Double taxation occurs as corporates are the separate and legal entities distinct from their shareholders, so corporates pay taxes on annual earnings like the individuals also when the shareholders receive dividend, those dividend is attached with income-tax liability for the shareholders even though the cash which was paid as dividend was taxed earlier in the corporate taxation structure. The same amount of tax is implied on both the corporate level employees and their respective shareholders as their amount of income is the same.
5. What are the benefits of studying business management from a career point of view?
A business management degree is a popular choice among ambitious entrepreneurs and company leaders. It gives you the academic knowledge and skills you'll need to explore international career opportunities, as well as a broad knowledge of business and specialized areas such as finance and human resources. If you're still not convinced that a business management degree is right for you, consider the following five reasons.
1. Enhance essential management abilities
Some of the most enticing aspects of obtaining a business management degree are the fundamental management skills that will enable you to be a big contribution to any corporation. There are hence many enticing advantages of obtaining a business management degree are the fundamental management skills that will enable you to be a big contribution to any corporation.
2. Recruitability
You will be able to define the trajectory of your career as you advance through your business management degree by selecting a speciality area of business that interests you, such as entrepreneurship or human resource management. Business management graduates can find work in a variety of fields.

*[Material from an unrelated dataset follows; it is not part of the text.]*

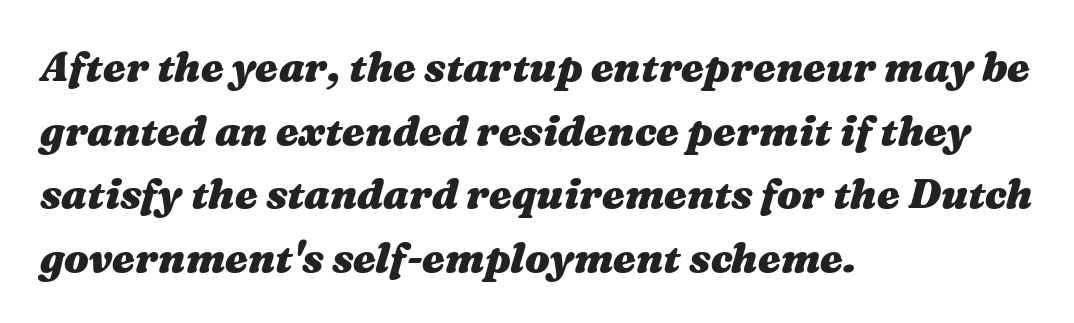
The image shows 41 px heavy, wide type, italic (leaning right); set left-aligned, normal line spacing (1.55x), normal letter spacing, not underlined; medium stroke contrast and a medium x-height.

3. An introduction to the world of business
A business management degree will help you develop in-depth knowledge and comprehension of the key principles of business and management; it's also an excellent way to get started in the business sector if you haven't done so before. It provides critical market knowledge, such as market trends and industry reports, and encourages you to adapt theoretical concepts to real-world business settings, which will help you get a head start on your profession once you finish your studies.

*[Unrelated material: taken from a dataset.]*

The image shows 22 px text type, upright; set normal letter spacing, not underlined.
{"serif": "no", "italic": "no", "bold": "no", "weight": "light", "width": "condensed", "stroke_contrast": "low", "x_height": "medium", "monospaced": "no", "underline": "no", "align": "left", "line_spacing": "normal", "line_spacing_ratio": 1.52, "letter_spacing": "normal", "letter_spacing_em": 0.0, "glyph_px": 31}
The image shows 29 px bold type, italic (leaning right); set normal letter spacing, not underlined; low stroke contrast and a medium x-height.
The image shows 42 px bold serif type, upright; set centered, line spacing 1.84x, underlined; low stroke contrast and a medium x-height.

4. Take charge of your own destiny
After graduating, you will not have many job opportunities, but you will also have all of the required elements to launch your own company; all you require is a business strategy to get established.
5. Study a variety of subjects.
A business management degree is a fantastic alternative if you're not sure what you want to do with your future profession or simply want to broaden your knowledge.

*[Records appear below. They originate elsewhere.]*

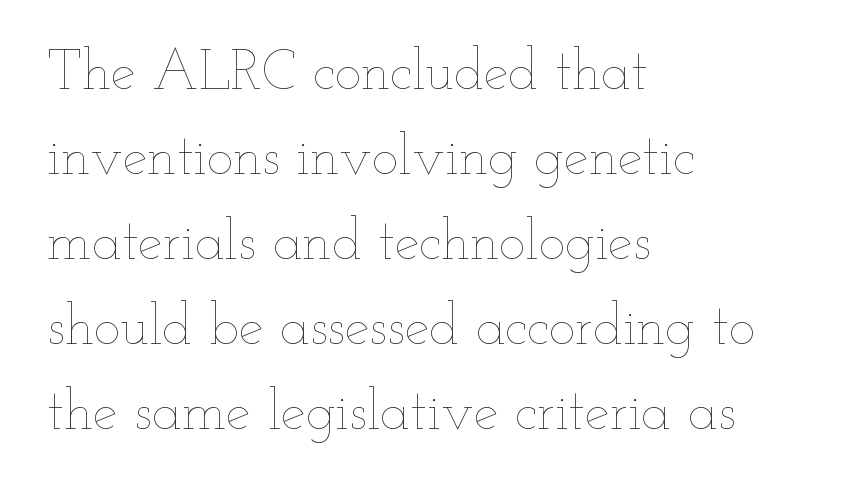
Q: Is the text bold? A: No.
Q: Is the text italic (slanted)? A: No, it is upright.
Q: Is the text underlined? A: No.
Q: How is the paragraph aligned? A: Left-aligned.
Q: Is the spacing between letters normal or unusually wide? A: Normal.
Q: Is the spacing between lines tight, normal or loose? A: Normal.
Q: Width (condensed, normal, or wide)? A: Wide.
Q: Stroke contrast? A: Low.
Q: x-height? A: Small.
Q: Monospaced? A: No.

6. Define business organisation meaning.
A business organisation refers to a group of individuals who come together to carry out economic activities to achieve common goals. It involves managing resources, personnel, and activities to generate profit and sustain operations.
7. Explain the meaning and importance of business organisation.
The meaning of business organisation is the arrangement where individuals work together towards achieving mutual goals. The importance of business organisation lies in its role in streamlining resources, improving efficiency, and contributing to economic development and employment.
8. What are the Forms of business organisation class 11.
The forms of business organisation class 11 typically include sole proprietorship, partnership, joint Hindu family business, cooperative society, and company. These forms are the basic structures under which businesses can operate.
9. Does Vedantu have Forms of Business Organisation class 11 notes?
Yes, Vedantu’s forms of business organisation class 11 notes help students understand the different business structures, their characteristics, advantages, and disadvantages. These notes typically explain each type of business organisation in detail.
10. What are the types of business Organisations?
The types of business organisation are the various structures that businesses can adopt, such as sole proprietorship, partnership, joint stock company, cooperative society, and limited liability partnerships, each suited to different business needs and goals.